During the study period there were 1,881 live born infants at Synphaet Hospital. Twenty-six neonates who met the exclusion criteria were excluded. Eight of these neonates had CHD (Figure 1).
There were 8 neonates no SpO2 measurement. All of them were well on our well baby follow up record. Oximetry screening was performed on 1,847 clinically normal born infants. There were three infants with SpO2 below 95%. Two of them had CCHD, including one patient with transposition of the great vessels (TGV), one patient with complete atrioventricular canal (AV canal) & moderate tricuspid regurgitation (TR). The mean O2 saturation of normal newborns (SpO2 ≥ 95%) was 98.1% and was 82.5% in the low SpO2 group (Table 1).
There were 11 infants with congenital heart disease in this group of infant during this study period, the incidence of CHD was 5.8 per 1000 live births and CCHD was 1.08 per 1000. A pulse oximetry cut-off value of below 95% showed 100% sensitivity, 99.8% specificity, 100% positive predictive value, 100% negative predictive value and accuracy of 99.8% in identifying CCHD (Table 2).
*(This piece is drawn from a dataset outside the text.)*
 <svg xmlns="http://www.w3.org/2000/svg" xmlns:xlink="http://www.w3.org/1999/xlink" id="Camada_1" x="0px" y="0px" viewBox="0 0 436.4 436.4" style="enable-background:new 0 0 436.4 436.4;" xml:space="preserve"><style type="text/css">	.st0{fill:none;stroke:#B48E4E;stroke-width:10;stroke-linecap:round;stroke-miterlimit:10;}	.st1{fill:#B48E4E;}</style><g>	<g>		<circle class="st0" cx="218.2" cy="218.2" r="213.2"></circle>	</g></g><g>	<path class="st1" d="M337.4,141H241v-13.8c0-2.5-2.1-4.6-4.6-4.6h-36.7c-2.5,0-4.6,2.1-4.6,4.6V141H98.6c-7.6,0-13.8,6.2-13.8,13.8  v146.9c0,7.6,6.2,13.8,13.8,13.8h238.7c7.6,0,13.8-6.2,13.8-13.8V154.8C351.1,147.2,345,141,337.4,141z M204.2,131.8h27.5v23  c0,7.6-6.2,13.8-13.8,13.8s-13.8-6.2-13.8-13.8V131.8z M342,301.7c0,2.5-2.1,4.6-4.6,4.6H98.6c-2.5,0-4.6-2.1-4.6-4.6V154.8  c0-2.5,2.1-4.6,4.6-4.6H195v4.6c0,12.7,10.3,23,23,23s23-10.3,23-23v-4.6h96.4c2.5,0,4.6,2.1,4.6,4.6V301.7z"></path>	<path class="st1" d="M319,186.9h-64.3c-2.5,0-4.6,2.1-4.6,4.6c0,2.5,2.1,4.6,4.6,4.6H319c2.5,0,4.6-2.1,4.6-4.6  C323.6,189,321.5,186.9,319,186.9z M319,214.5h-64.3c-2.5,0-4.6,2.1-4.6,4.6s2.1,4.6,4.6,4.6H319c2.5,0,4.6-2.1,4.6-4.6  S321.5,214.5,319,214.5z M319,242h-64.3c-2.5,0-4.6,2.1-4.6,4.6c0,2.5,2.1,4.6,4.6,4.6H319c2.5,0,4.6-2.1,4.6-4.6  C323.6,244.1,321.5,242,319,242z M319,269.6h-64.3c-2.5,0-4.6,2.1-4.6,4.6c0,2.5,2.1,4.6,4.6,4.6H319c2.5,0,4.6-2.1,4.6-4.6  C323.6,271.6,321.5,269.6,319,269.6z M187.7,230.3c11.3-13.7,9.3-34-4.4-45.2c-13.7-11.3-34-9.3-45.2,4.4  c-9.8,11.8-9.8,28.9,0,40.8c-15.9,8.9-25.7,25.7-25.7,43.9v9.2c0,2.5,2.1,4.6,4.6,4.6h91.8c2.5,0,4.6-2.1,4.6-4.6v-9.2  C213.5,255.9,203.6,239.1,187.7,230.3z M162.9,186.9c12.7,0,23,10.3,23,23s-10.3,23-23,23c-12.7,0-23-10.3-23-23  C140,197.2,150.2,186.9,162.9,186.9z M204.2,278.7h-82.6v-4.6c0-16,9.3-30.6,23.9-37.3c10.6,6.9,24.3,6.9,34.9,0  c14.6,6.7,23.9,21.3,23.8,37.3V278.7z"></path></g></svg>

The reported incidence of CHD was 8-10 per 1000 live births.1,2,3,4,5 The incidence CCHD is agreeable with the previous study.13 To determine the sensitivity, specificity, predictive value, and accuracy of a program of pulse oximetry screening in asymptomatic newborns for CCHD , the previous study reported of the effectiveness of pulse oximetry screening for CHD in asymptomatic newborns (Sensitivity: 60%; specificity: 99.95%; positive predictive value: 75%; negative predictive value: 99.98%; accuracy: 99.97%).13 The low sensitivity in this study was because they had included non critical CHD in their calculation. However, other study revealed that systematic screening for CCHD with high accuracy required a new generation oximeter, and comparison of saturation values from the right hand and one foot substantially improves the detection of CCHD (Sensitivity: 98.5%; specificity: 96.0%; positive predictive value: 89.0%; negative predictive value: 99.5%).15 Our efficacy data is very closed to the number of other study.15 The cost of pulse oximetry screening is minimal. Although the same disposable probe was used on multiple cases, alcohols cleaning between cases were emphasized and yet no evidence of infection was found. One limitation of the study is that the number of screened neonates are too small and no case of coarctation of aorta to validate the difference of oxygen saturation in the right arm and leg.
This study demonstrated the use of noninvasive, cost-effectiveness tool which is pulse oximetry screening adjunct to routine neonatal examination for detecting CCHD in clinically normal newborns that were born at Synphaet Hospital during 24 months period.